I'll talk a little bit about what's happening on the ground in the refugee camps. According to the UNHCR, there are about 261,114 recognized refugees. The numbers within the refugee camps are fluid. Turkey has 96,000, Jordan has 58,000, Lebanon has 65,000, Iraq has 40,000 people. There are over 50,000 Syrians waiting at the borders to be admitted into other countries, but they cannot leave because they are undocumented.
Jordan's figures are not accurate because people are drifting in and out of the camps. In Lebanon the numbers aren't accurate because a lot of the bordering towns in Lebanon are absorbing a lot of refugees, so they're not accounted for. The number in Lebanon is closer to 100,000.
There are also makeshift refugee sites at the border of Jordan and Syria where 10,000 people live in absolute squalor. I saw a picture the other day of three little babies covered in flies, no diapers, shirts dirty, drinking God knows what, eating God knows what. It's hard to imagine. These people are not allowed to get through to Jordan as they're undocumented and don't have the proper papers to cross.
The most important objective at this point, and what the Turkish representative was speaking about before, is that the winter is coming. We're trying to get enough clothes and warm blankets for the people to survive the winter in the refugee camps. A lot of the American and Canadian groups who support the Syrian refugees are focusing on getting the blankets and warm clothing to the camps, but food is also very limited; it's scarce.
One very disappointing and horrible story that's coming out of the Zaatari camps in Jordan is that there are reports of young women being sold, young girls actually, for the equivalent of $20 Canadian, to be wives for older men. This was happening online. It's incredible. It wasn't stopped early on, so a lot of girls were sold off. A lot of these girls don't have fathers, as they've died in the civil war and this war, or they were fighting.
Other refugees are going into Egypt. They're not, of course, recognized by the United Nations. There are no official refugee camps in Egypt, but there are people who are trying to absorb them as well.
I was speaking to a representative a couple of days ago and she says things are looking grim. People have come with very little money, very little food, nothing, and are trying to get jobs in Egypt. In Egypt, a job is actually hard to come by to begin with. Supplies are short and winter is coming.
On the ground, between the militarization and peacefulness, the grassroots movements are still fighting for freedom, which started in the streets of Syria. This Syrian fight for freedom adds a new chapter to enrich the history of humanity, a unique chapter like no other, so colourful with slogans of freedom and dignity, and these are the people who are protesting on the ground. With all of this, you still have people going out and protesting for their freedom.
For the past 19 months, Syrians continue to take to the streets, despite the desperate attempts of the regime to crush and repress these peaceful demonstrations by shelling civilians with its warplanes.
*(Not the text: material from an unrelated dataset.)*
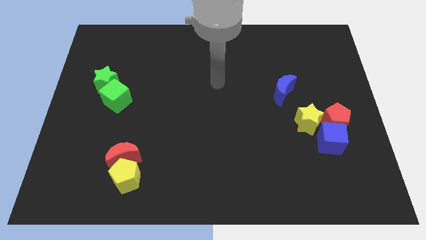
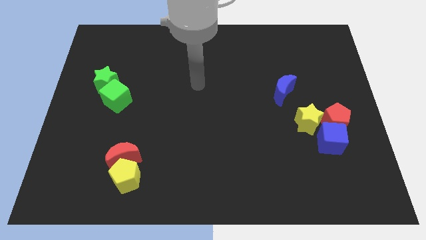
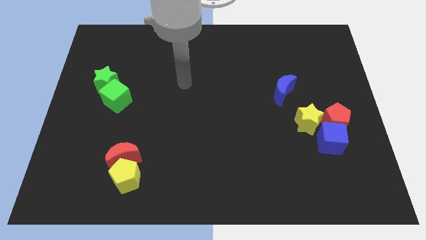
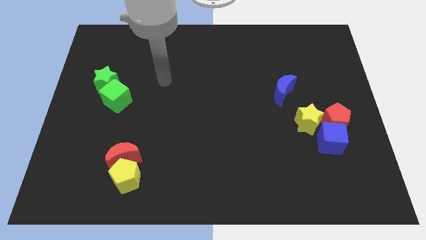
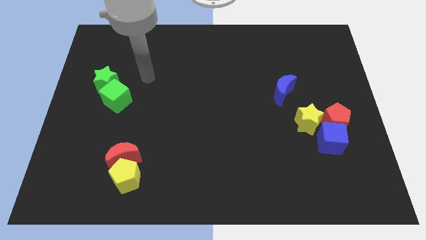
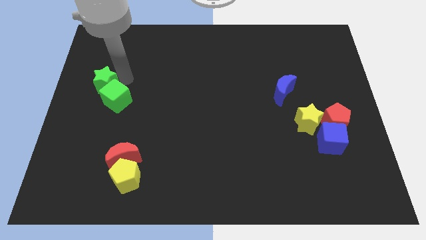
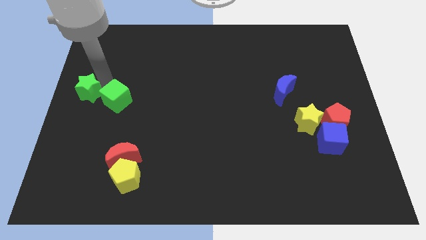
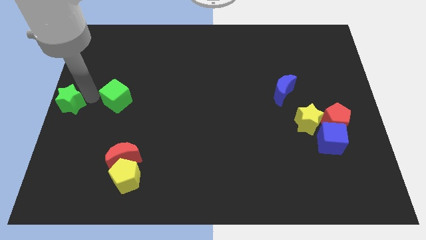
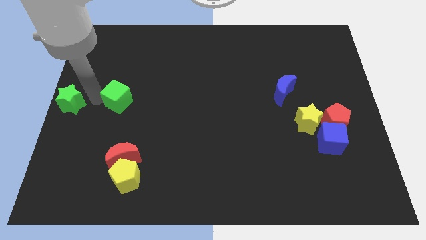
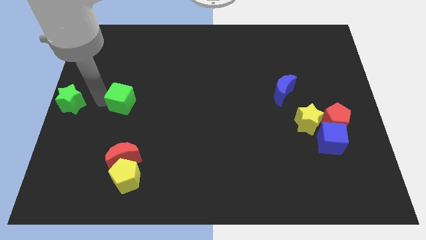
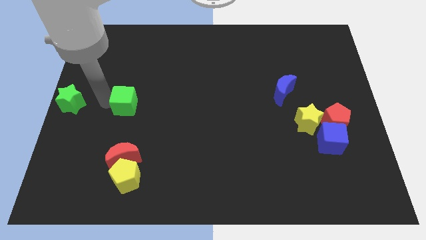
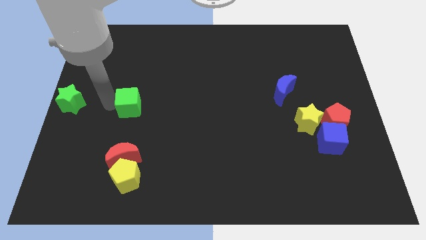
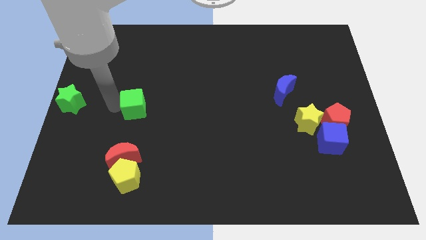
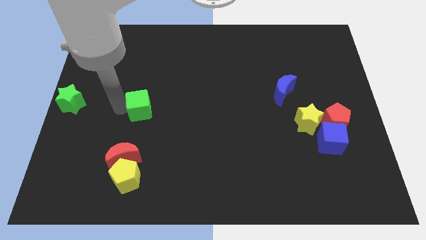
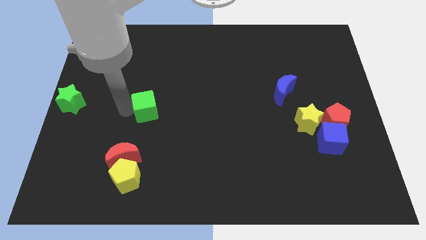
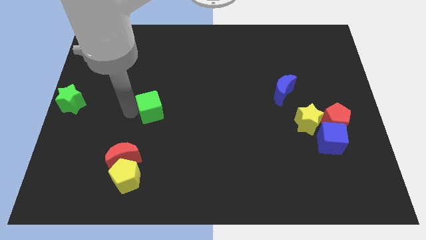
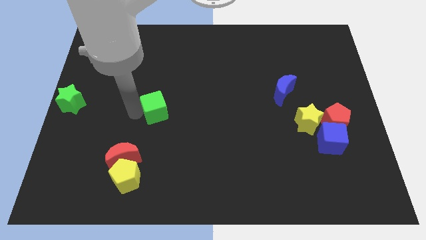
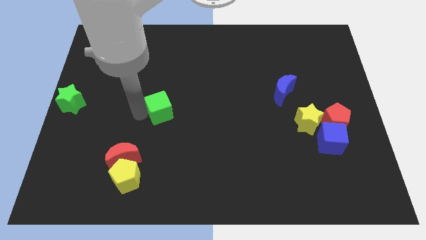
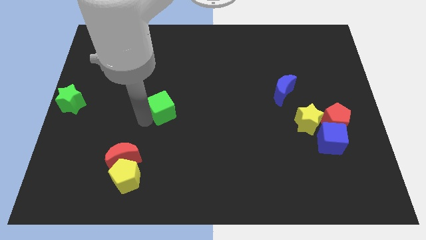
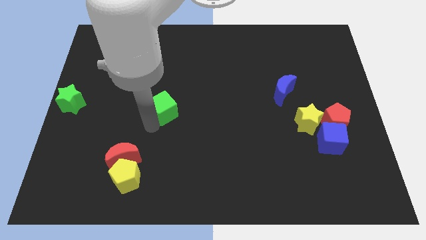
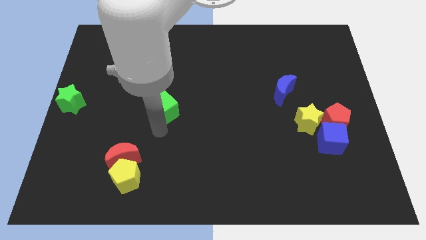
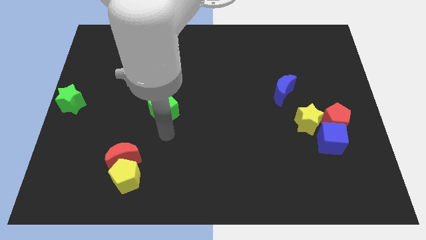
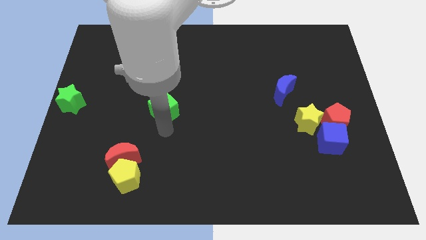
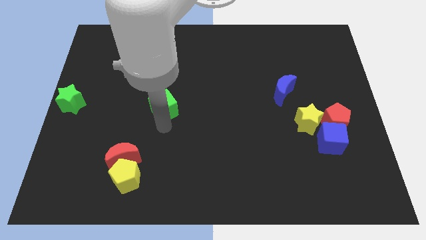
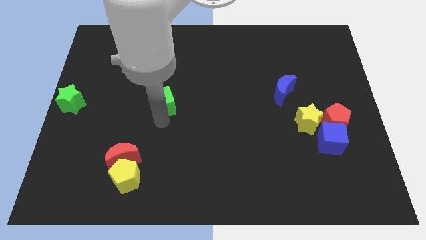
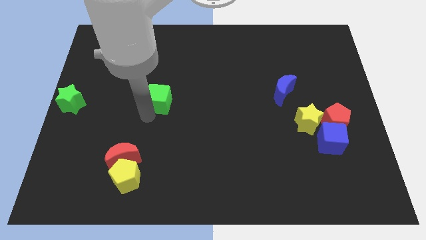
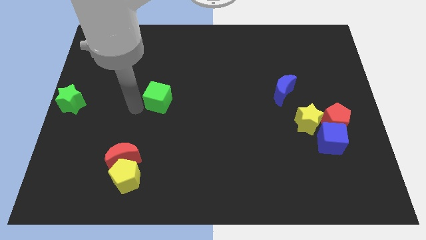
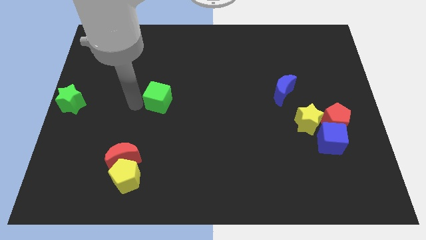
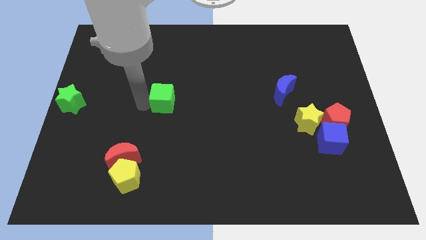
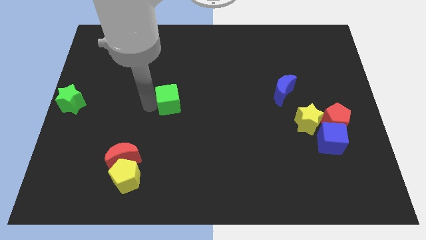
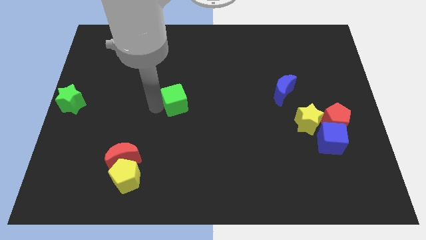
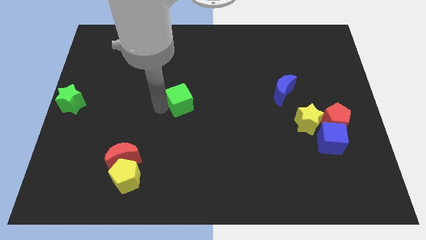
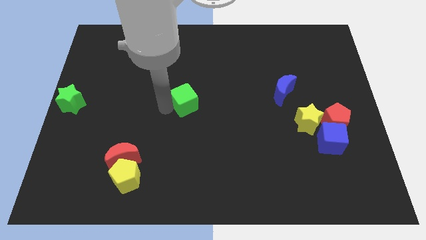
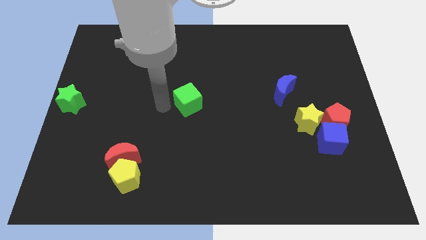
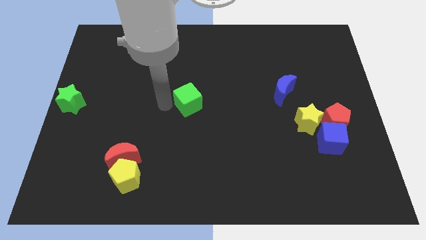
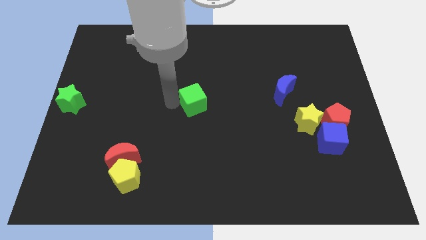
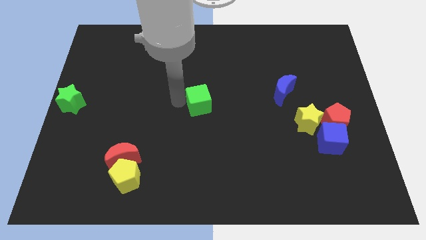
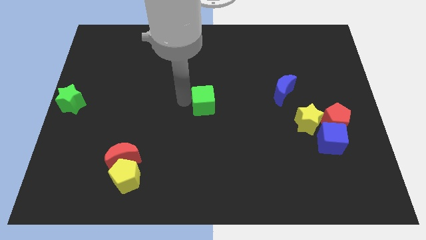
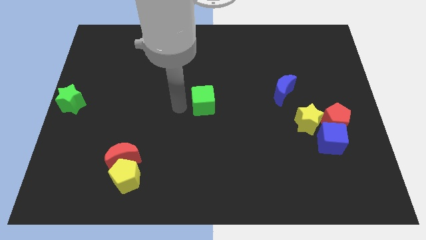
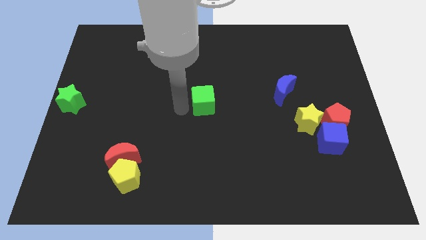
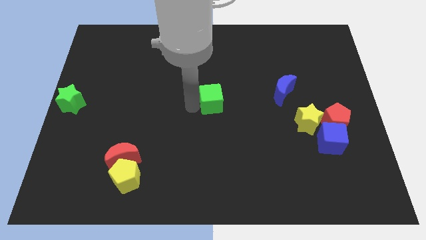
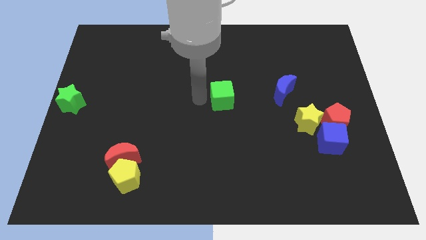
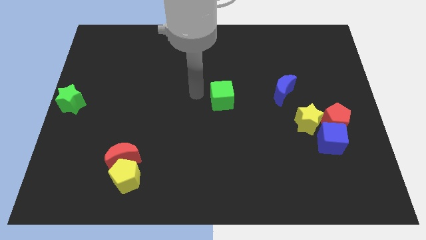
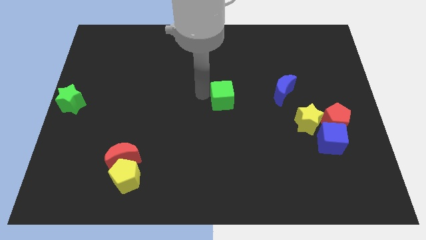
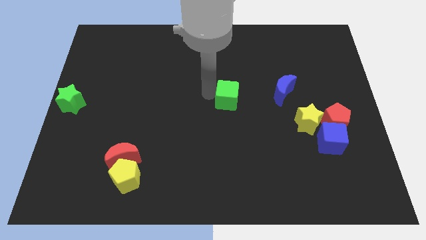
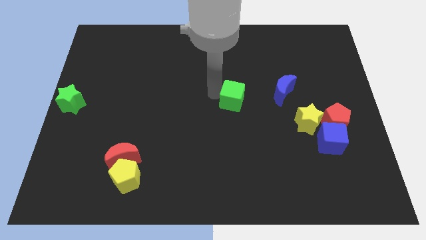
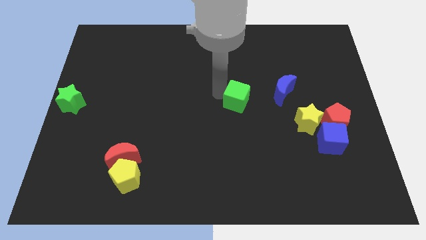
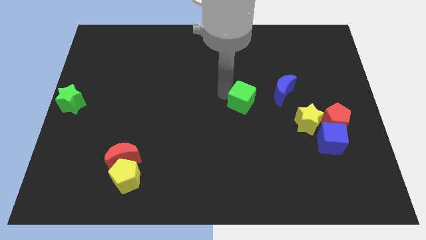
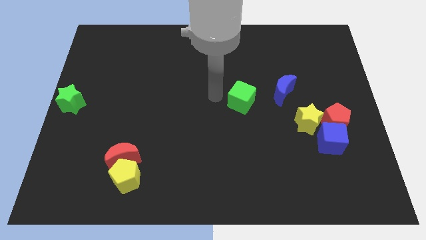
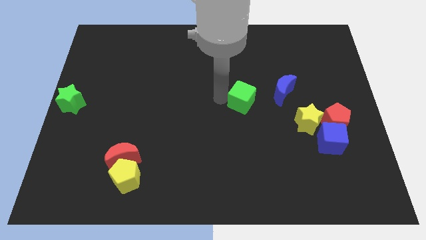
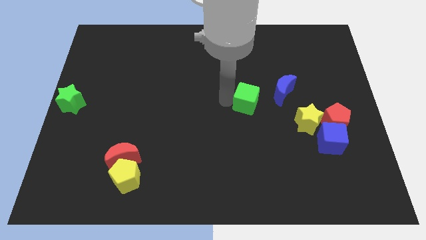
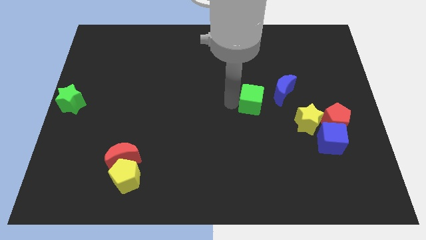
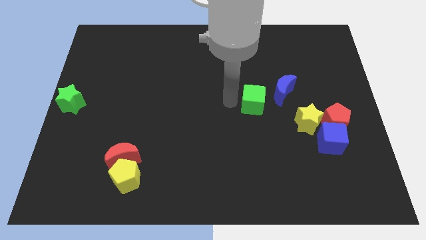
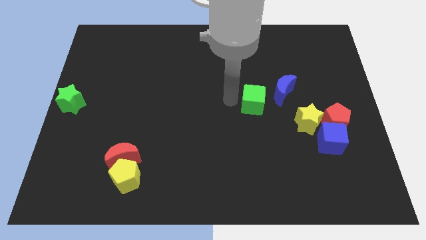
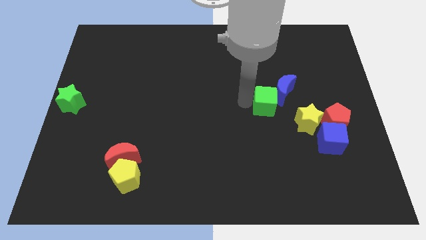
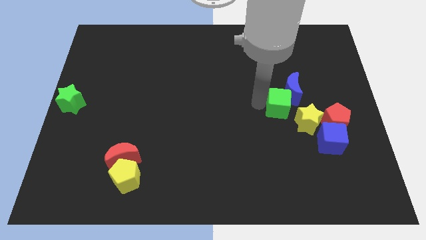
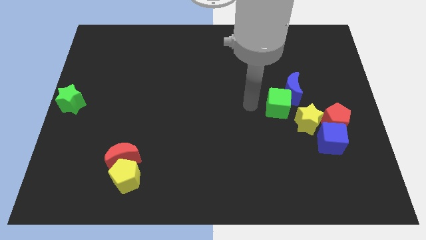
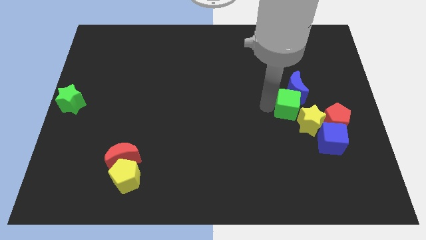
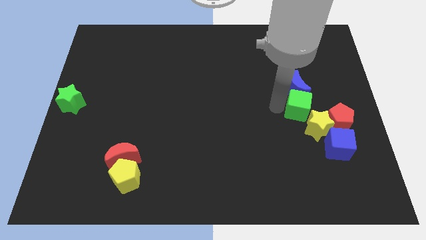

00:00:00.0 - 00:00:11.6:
push the green cube diagonally down and to the right of the blue moon

But Syrians insist on continuing their eternal fight for freedom and survival, to build a future full of hope and victory, to say tomorrow is ours, through 405 demonstrations that the local coordinating committee documented last Friday, on October 12.
With all of what we've heard, the people of Syria are still fighting for their freedom, and we need to help them get there.
I'm going to stop now and defer to Faisal at this point. If there is any more time, I can finish what I want to say.